Марат только посмеивался, но был неумолим – нет и никаких. Этому несвойственному Руси воздержанию научил его отец-композитор, не теоретическими выкладками – личным примером демонстрировавший преимущества трезвого образа жизни. До сорока девяти лет не знал Марат Антонович не то что вкуса – запаха алкоголя, все окружающие думали – так и помрет человек, не оросив губ виноградным нектаром. Но…
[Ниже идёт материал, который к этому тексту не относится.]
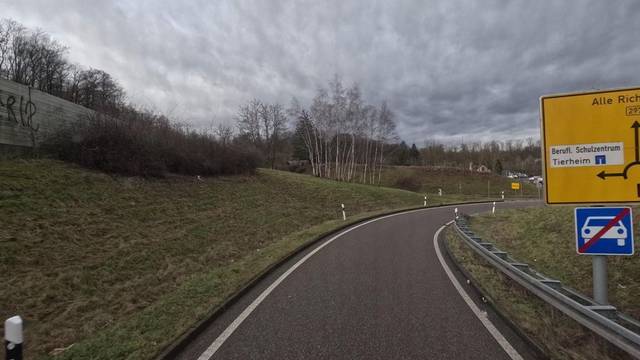
Region: Germany
Coordinates: 48.7, 9.635

…С детских лет он был крайне нелюдим, никого, кроме матери Ксении Никитичны, не признавал, особенно недолюбливал отца. С годами эта нелюбовь перешла в другое качество – он перестал его замечать: был вежлив, послушен, ни по какому поводу не спорил, по утрам здоровался, как приветствуют на улице малознакомого человека, на вопросы отвечал односложно, сам же никаких вопросов никогда к отцу не обращал. Как ни билась Ксения Никитична, сколько слез украдкой ни пролила, что только ни предпринимала – и уговоры, и наказания, и восхваление неоспоримых отцовских достоинств, и бесконечные подарки, подарки, подарки от своего и его имени – стена сыновнего неприятия оставалась неколебимой. А когда появилась сестра Надежда, про изъян Марата как-то все разом забыли, переключились на очаровательную, чрезвычайно приветливую и общительную малышку, которая с первого же дня своего пребывания на свете стала всеобщей, и особенно отцовой, любимицей.